**WHAT IS EXPECTED**. Only the images get left out; everything else in the records is to be transcribed exactly.
= = =
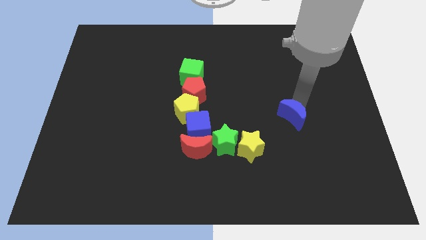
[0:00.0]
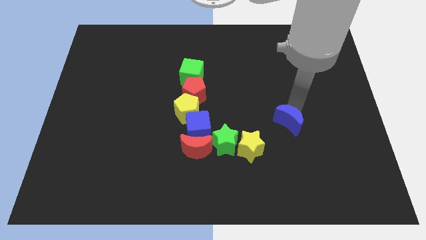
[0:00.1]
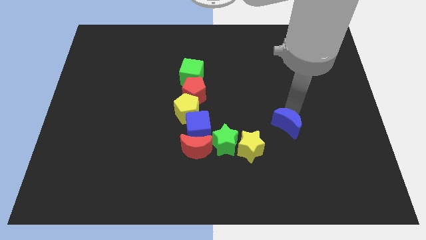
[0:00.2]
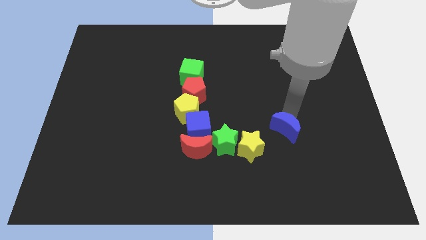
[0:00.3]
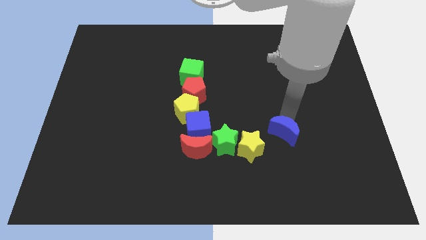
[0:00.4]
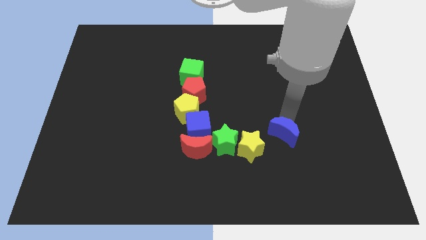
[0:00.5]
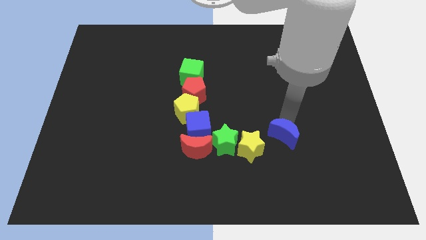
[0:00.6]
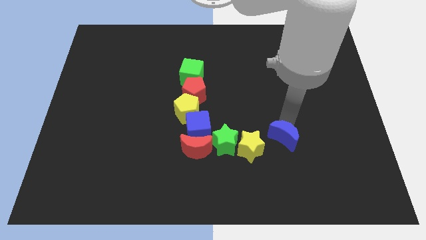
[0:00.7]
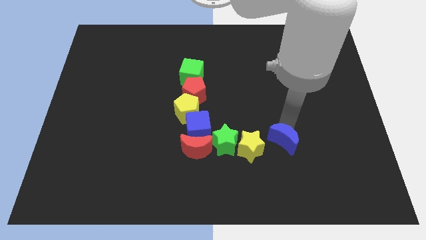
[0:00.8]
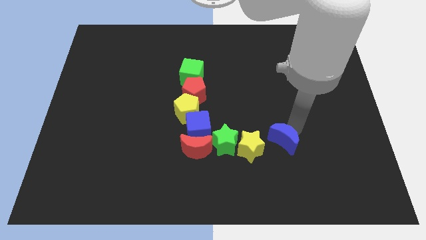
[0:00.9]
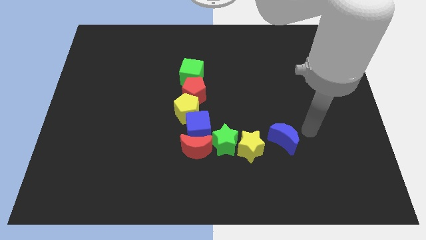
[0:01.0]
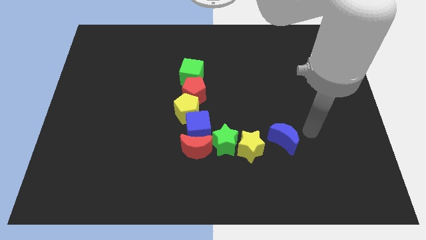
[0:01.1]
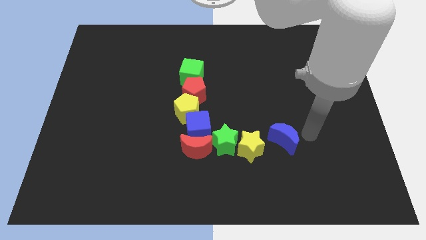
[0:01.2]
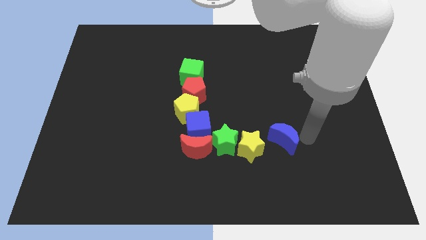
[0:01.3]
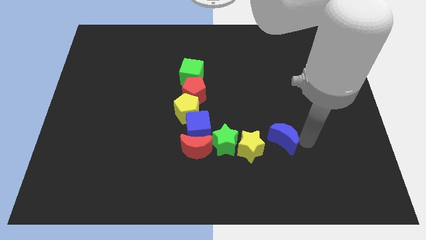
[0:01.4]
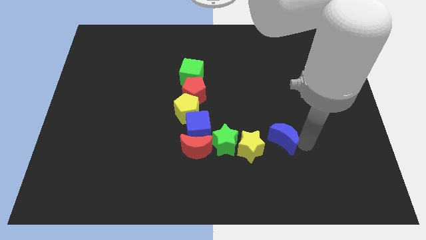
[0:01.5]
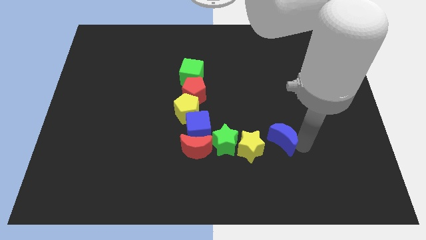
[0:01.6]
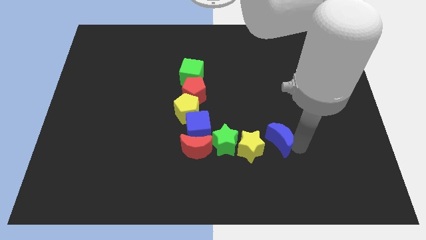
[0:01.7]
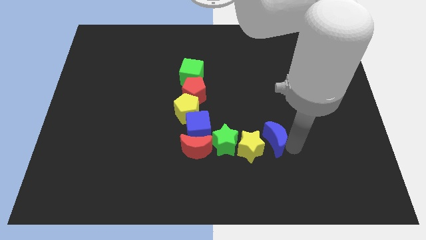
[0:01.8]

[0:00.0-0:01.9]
= = =
**COMPLETED TASK**.
[0:00.0]
[0:00.1]
[0:00.2]
[0:00.3]
[0:00.4]
[0:00.5]
[0:00.6]
[0:00.7]
[0:00.8]
[0:00.9]
[0:01.0]
[0:01.1]
[0:01.2]
[0:01.3]
[0:01.4]
[0:01.5]
[0:01.6]
[0:01.7]
[0:01.8]

[0:00.0-0:01.9]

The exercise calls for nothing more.